A bonus from all the unpickery that's going on is that one little not-square-enough square was set free from quilting doom and transformed into a pocket on a new pinny I made for myself:


Rachel, you may recognise this fruity material as one of the thrifted tablecloths you so sweetly sent me last year! It's gorgeous, soft and already liberally spattered, like a good apron should be. And just green enough.

More spaces here.

Thursday, February 11, 2010

My creative space...

Move along folks. Nothing to see here...
Only 14 hours until my Beloved is home after almost 2 weeks. So close to the end... and I've completely run out of steam. I think I peaked too early; all things domestic, child-rearing and creative have fallen in a heap.

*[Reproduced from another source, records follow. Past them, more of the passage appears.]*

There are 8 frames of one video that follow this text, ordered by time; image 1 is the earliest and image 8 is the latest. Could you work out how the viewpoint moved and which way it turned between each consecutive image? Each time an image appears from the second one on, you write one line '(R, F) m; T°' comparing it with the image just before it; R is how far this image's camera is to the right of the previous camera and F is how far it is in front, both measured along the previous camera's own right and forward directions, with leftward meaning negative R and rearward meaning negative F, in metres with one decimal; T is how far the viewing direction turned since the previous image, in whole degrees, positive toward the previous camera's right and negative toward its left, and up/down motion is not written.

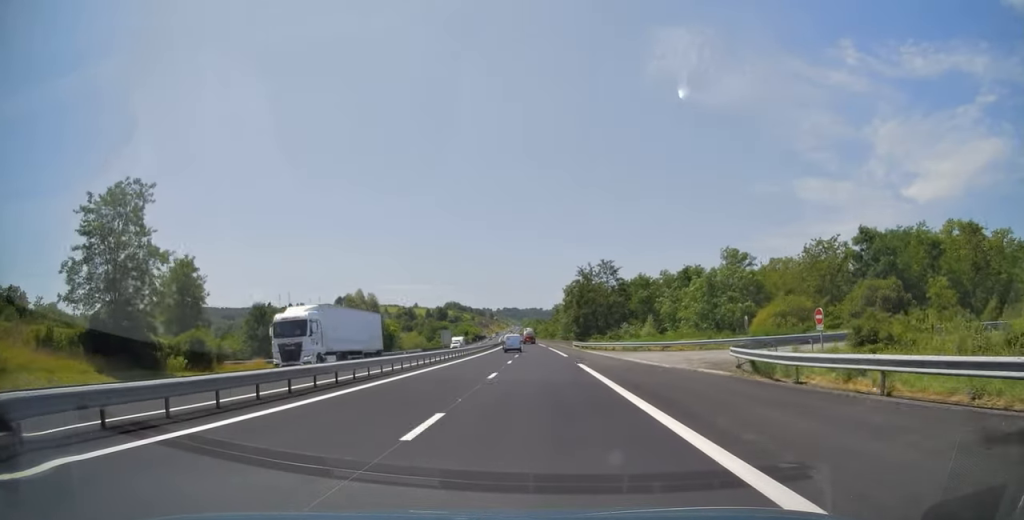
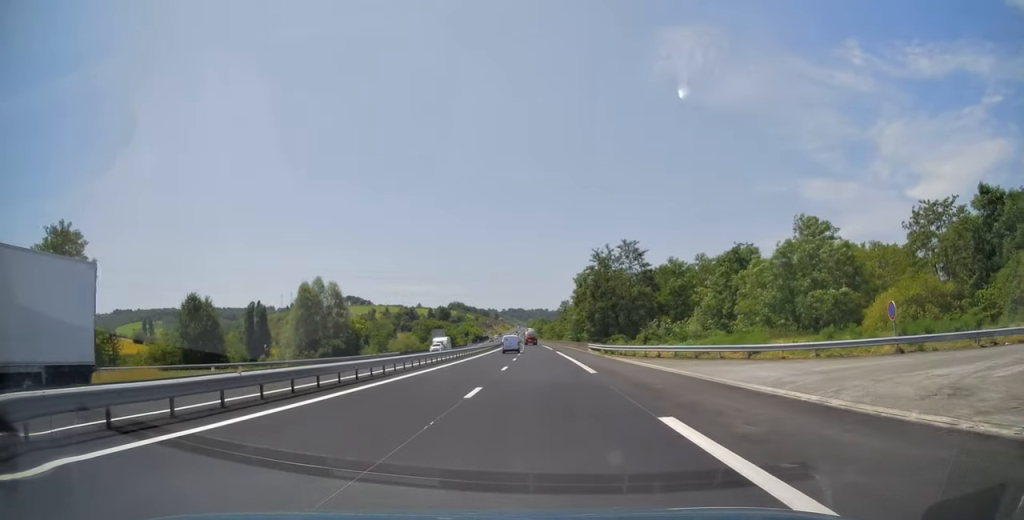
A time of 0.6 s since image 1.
(-0.1, +19.9) m; 0°
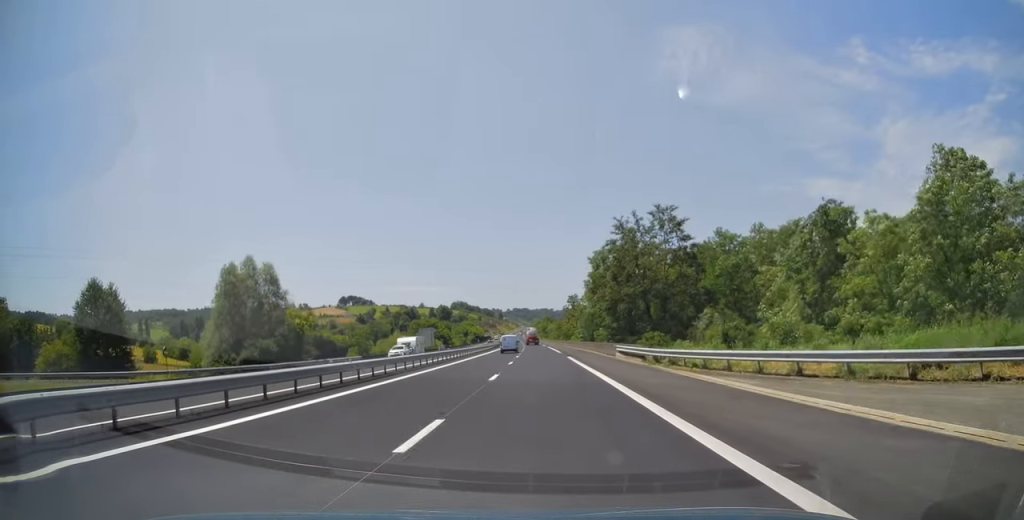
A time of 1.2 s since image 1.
(0.0, +19.9) m; 0°
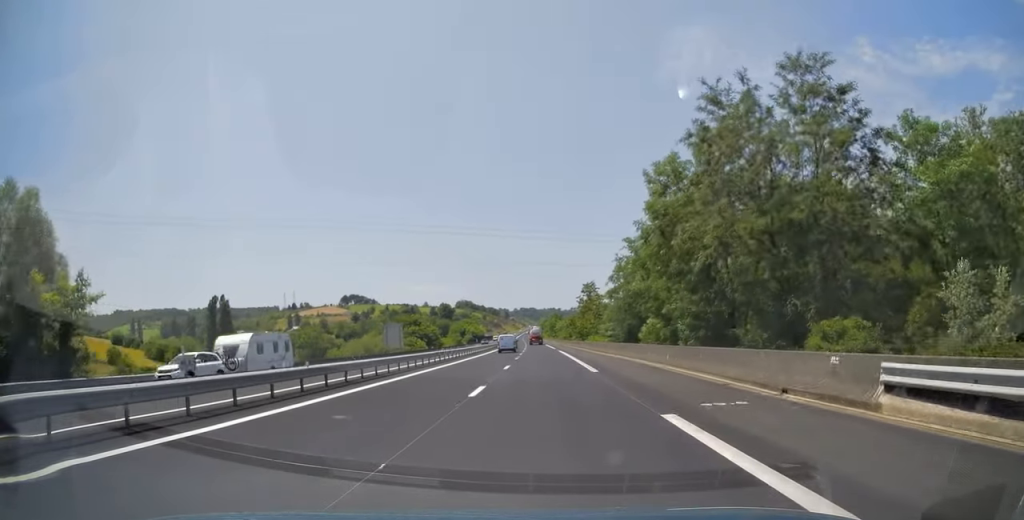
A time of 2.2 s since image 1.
(-0.2, +31.7) m; -1°
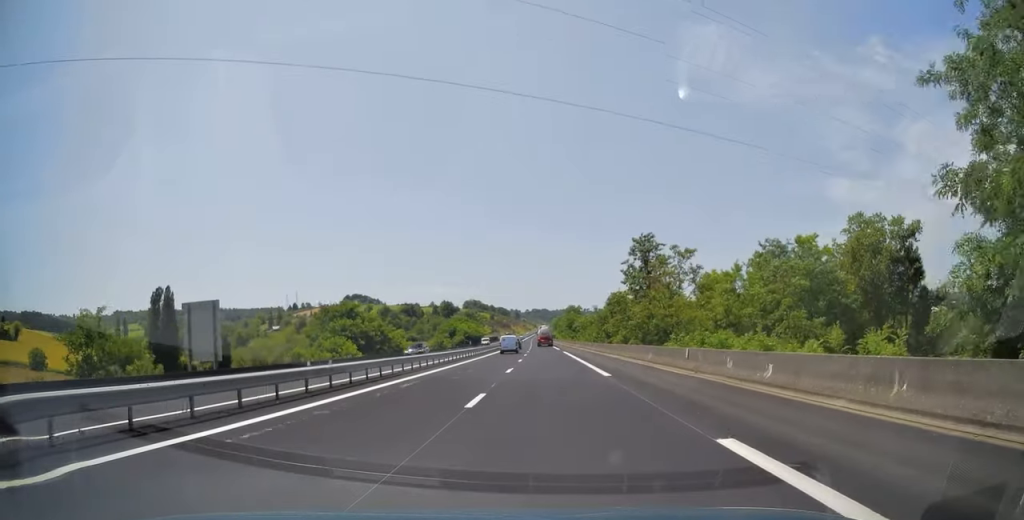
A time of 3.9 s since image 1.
(-0.9, +54.2) m; -1°
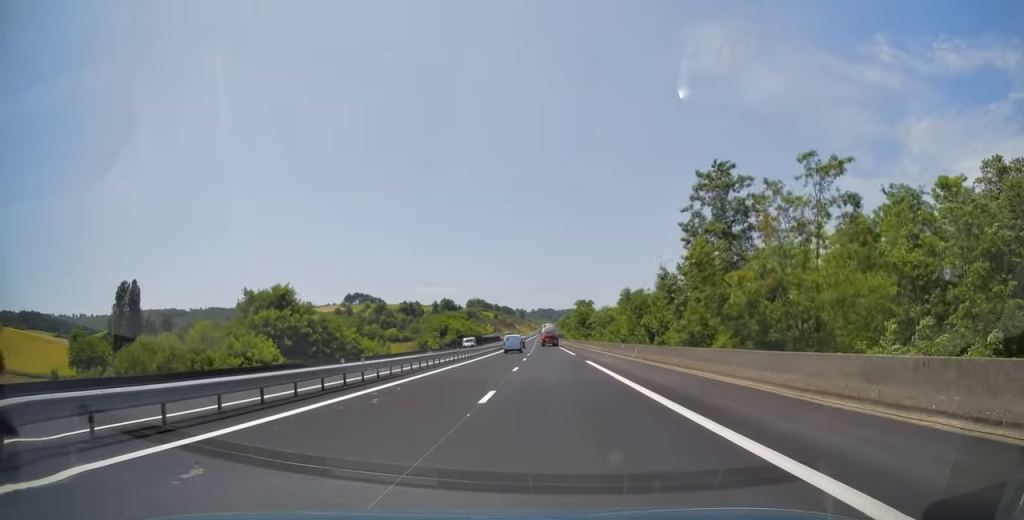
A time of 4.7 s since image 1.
(0.0, +25.2) m; 0°
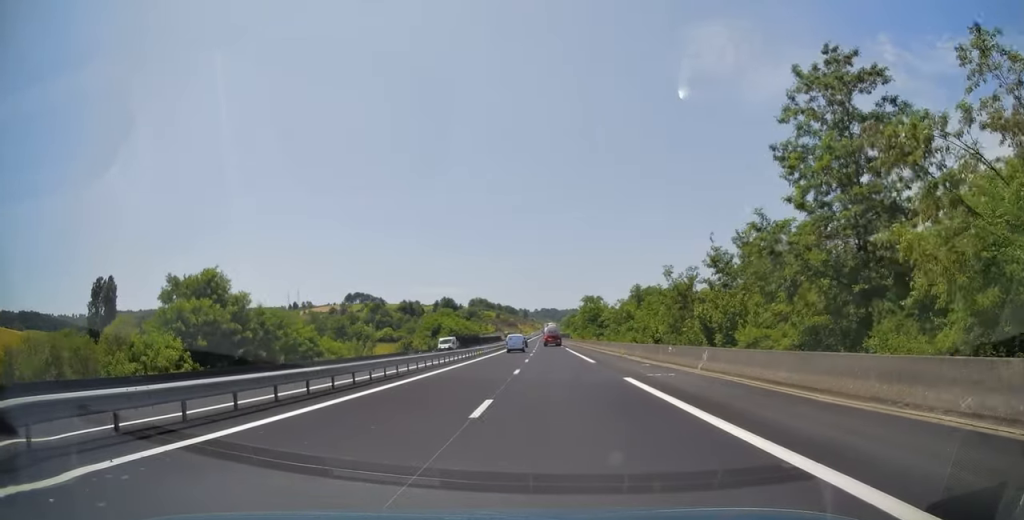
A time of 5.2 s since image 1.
(0.0, +15.5) m; 0°
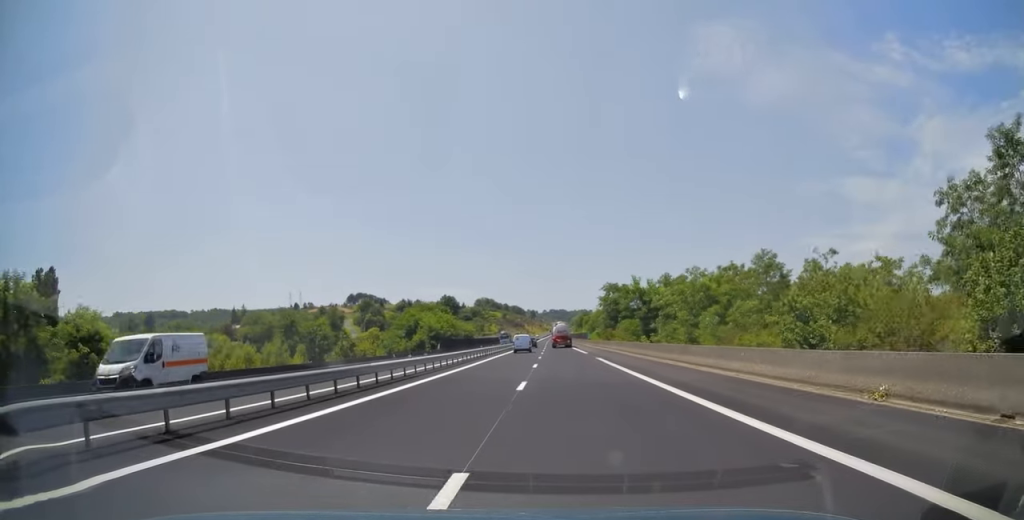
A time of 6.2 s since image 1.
(-0.2, +33.1) m; -1°

Was this ever MY bedroom? I don't remember...



The WIP corner of the living room is out of control...


Yesterday's dishes - well actually, the day before's...


The only thing going strong in this house is the Life Support Machine (aka the Atomic)


Single parents,
Military wives,
Corporate widows...
I salute you.
Not much creativity or space at my house today, but I'd love to see yours. Drop over to Kirsty's house(s!) to play along with creative spaces today.